La verdadera gratitud es inagotable: no tiene fondo, observa el reverendo pensador inglés. Cuanto más se intenta saldar la deuda, más crece, por una proporción geométrica entre el favor realizado y el que se cree haber recibido. Mi padre no había fijado una fecha para la caducidad de su deuda y comprendió que las deudas que se intenta pagar (a diferencia de las impagadas) no se extinguen nun­ca, pero lo aceptó hidalgamente, porque temía que su benefactor creyera que era un hombre olvidadizo de los favores recibidos.
Antes de morir, mi pobre padre nos reunió junto a su lecho y nos comunicó sus providencias hereditarias. En realidad, aparte de algunos objetos personales en buen estado de uso (como su brocha de afeitar, un bolígrafo recargable, un reloj de bolsillo de tapa do­rada, cuatro pares de calcetines, unas gafas de miope, su tintero de vidrio y algunas fotografías de su juventud), mi padre no tenía gran cosa que legarnos, salvo su deuda.

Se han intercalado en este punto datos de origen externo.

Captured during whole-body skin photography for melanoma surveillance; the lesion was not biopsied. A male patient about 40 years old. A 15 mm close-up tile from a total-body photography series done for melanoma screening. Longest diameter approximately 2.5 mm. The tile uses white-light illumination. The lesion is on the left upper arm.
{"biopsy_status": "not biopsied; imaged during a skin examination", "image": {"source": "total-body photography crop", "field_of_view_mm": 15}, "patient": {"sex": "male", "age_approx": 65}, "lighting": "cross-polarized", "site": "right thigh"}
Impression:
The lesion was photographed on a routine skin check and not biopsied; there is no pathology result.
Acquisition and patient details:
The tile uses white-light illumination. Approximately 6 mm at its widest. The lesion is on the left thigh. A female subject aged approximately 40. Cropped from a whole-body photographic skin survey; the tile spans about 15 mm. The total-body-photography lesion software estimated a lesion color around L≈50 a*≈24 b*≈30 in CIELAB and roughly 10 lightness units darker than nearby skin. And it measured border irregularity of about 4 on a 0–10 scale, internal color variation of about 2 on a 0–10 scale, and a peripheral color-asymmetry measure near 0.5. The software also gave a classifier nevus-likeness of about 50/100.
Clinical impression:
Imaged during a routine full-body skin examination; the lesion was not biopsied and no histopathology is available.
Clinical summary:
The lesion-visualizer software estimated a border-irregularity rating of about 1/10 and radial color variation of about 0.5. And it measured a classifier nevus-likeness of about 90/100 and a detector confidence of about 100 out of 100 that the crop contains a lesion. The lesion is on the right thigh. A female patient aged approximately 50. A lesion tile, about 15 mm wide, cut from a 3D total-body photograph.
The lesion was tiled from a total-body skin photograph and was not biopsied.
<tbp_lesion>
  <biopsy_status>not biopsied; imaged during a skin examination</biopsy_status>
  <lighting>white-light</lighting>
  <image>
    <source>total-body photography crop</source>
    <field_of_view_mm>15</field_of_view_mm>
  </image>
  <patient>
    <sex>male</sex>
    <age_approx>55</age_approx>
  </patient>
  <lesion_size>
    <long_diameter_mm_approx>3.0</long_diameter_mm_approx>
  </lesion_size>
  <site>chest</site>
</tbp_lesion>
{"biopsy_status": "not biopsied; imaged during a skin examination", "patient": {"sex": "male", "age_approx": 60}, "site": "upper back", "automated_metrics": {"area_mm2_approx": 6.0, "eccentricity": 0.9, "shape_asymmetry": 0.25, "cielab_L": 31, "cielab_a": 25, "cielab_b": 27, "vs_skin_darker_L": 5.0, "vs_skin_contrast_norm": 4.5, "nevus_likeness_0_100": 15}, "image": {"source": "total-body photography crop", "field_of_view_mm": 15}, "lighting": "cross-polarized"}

De modo que nos dijo:
-Hijos míos, habéis observado que, durante mis últimos años de vida, he tenido mucho cuidado en no olvidar a mi benefactor y he tratado de no faltar a los deberes de gratitud que me correspon­dían. La gratitud es eterna: esta pasión ha agotado mi vida. Os im­ploro y os conmino a seguir mi obra y, en mi nombre, aceptad esta deuda que os dejo como todo legado, con la conciencia de que cum­pliréis un deber que me ha sido tan caro.
En efecto, la deuda había sido cara, y desde ese momento, si bien aceptamos el legado de nuestro padre, nos cuidamos muy bien de merecer cualquier otro favor.